Rozdział 31

365 22 17
                                    

Uwaga! Dzisiejszy rozdział jest z dwóch perspektyw! :)

Wróciłem od samochodu z powrotem do mojego mieszkania. Zuza właśnie próbowała zaciągnąć swoją walizkę na korytarz, choć i tak miała przewieszoną na ramieniu torbę z logiem zespołu, bodajże Arctic Monkeys. Podszedłem do niej, chwytając rączkę na drugim końcu.
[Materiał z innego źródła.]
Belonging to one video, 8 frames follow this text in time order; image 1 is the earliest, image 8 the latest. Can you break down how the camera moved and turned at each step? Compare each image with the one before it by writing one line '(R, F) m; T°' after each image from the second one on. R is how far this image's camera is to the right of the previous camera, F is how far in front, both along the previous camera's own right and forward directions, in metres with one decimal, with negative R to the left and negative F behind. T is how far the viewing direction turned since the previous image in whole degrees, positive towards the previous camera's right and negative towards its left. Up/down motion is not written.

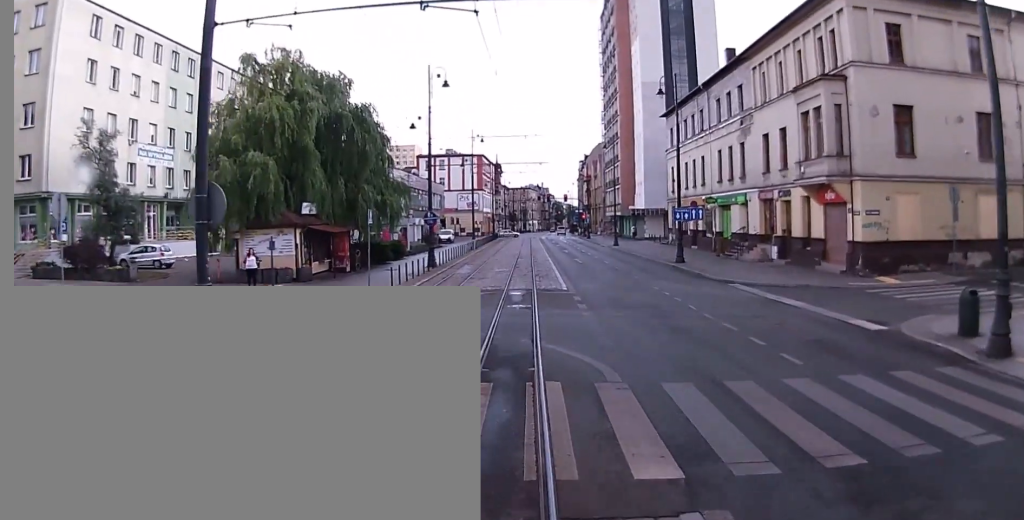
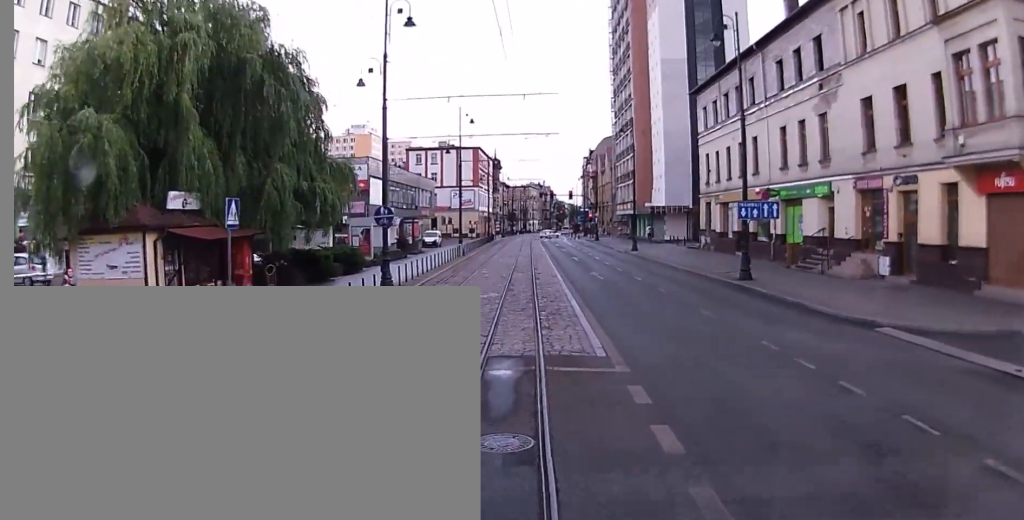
(-0.1, +12.6) m; -2°
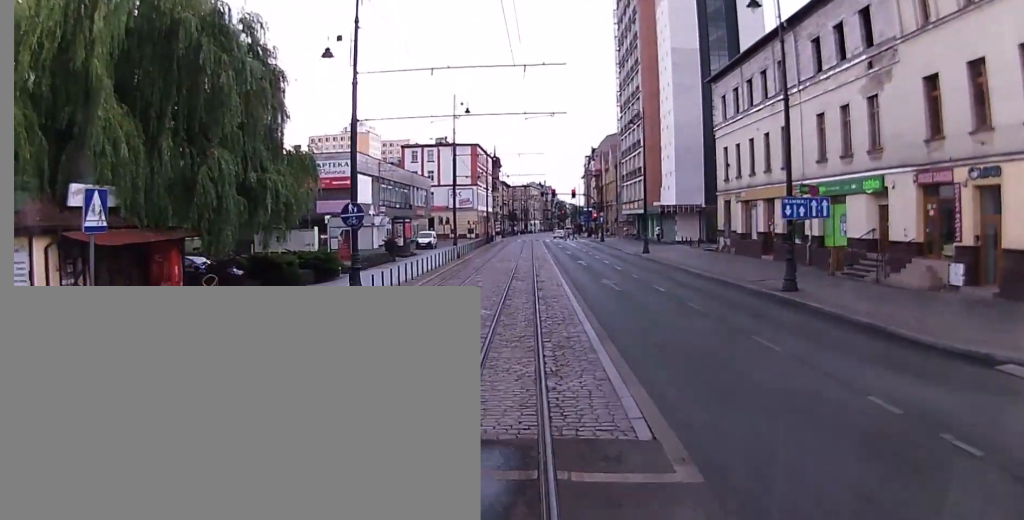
(-0.2, +5.0) m; 0°
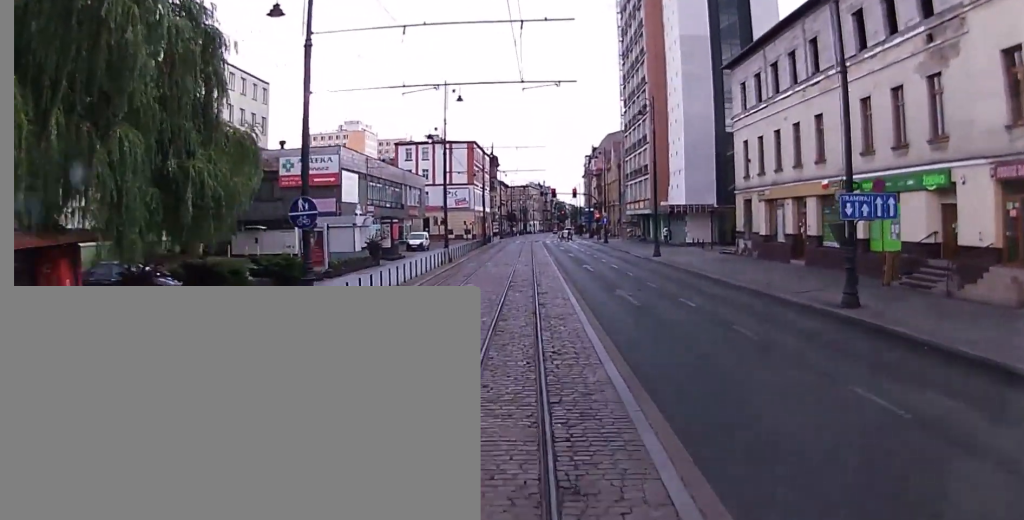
(+0.1, +4.8) m; +1°
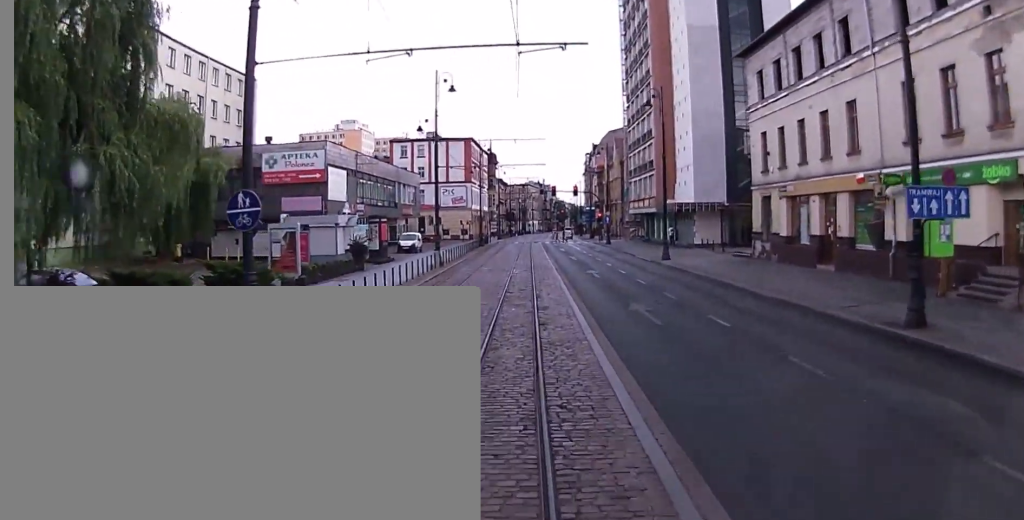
(+0.1, +3.7) m; +1°
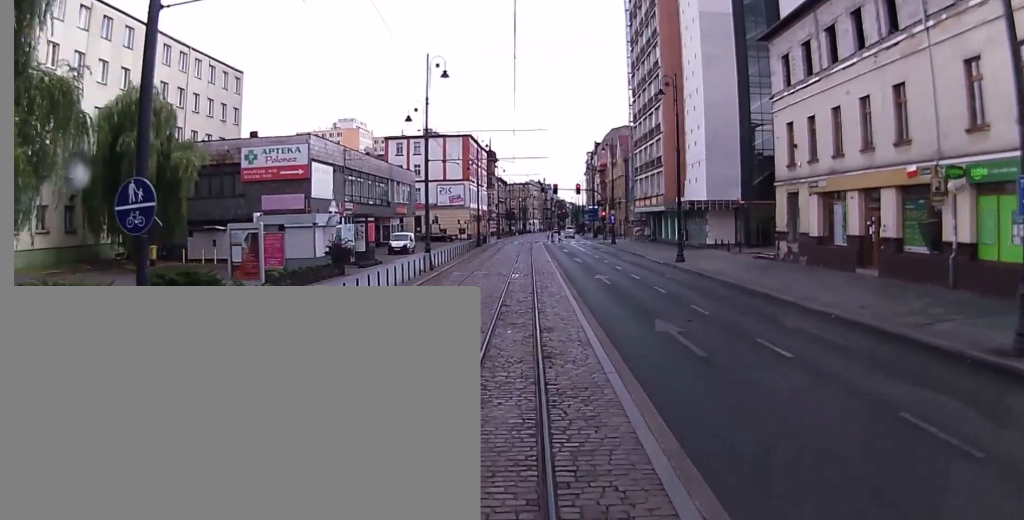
(0.0, +4.2) m; -1°
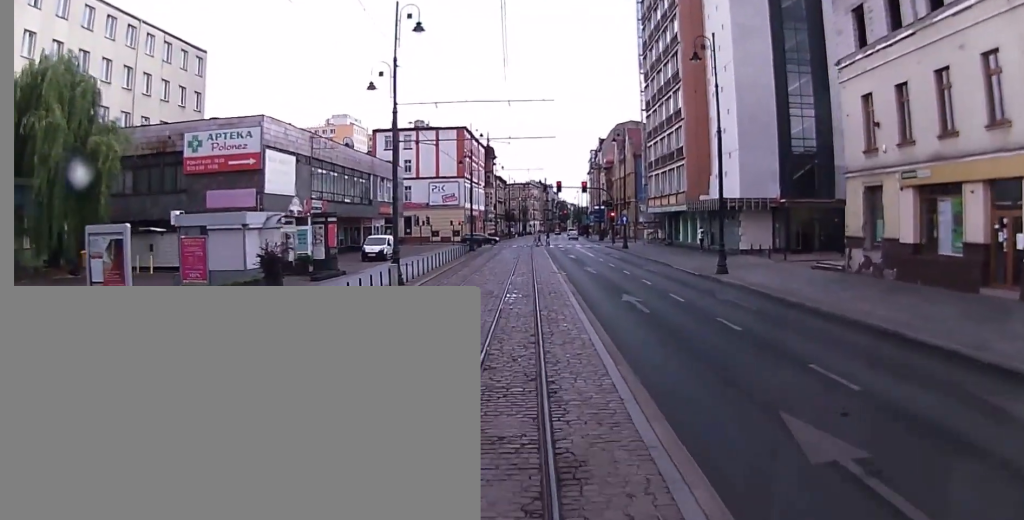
(-0.3, +9.0) m; -1°
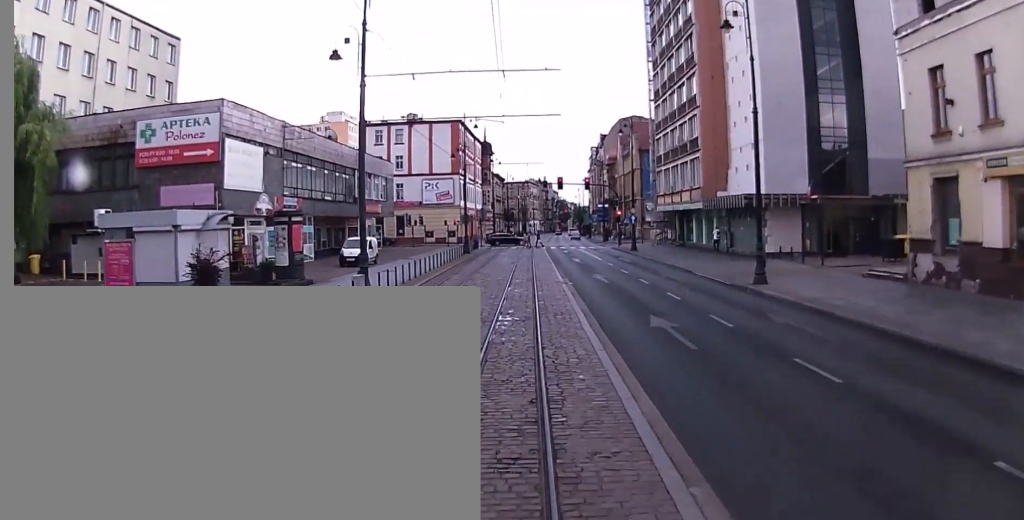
(+0.2, +5.4) m; 0°

— Wezmę ją — spojrzałem na nią, na co ona lekko speszona zarumieniła się i zabrała z niej dłoń.

— Dzięki bardzo — posłała mi drobny, wdzięczny uśmiech.

— Dobra, my jesteśmy załadowani. Jakie to szczęście, że jedziemy twoją bryką — nagle pojawił się Krystian i poklepał mnie po plecach.

— Bo tobie pewnie nie chciałoby się prowadzić — westchnąłem, a potem zobaczyłem, jak Lena lekko uderza go w ramię, przez co wybuchnąłem śmiechem.

— Umówiliśmy się, że w połowie drogi Krystian cię zmieni, bo do Gdyni jest jednak kawał drogi — oznajmiła jego dziewczyna.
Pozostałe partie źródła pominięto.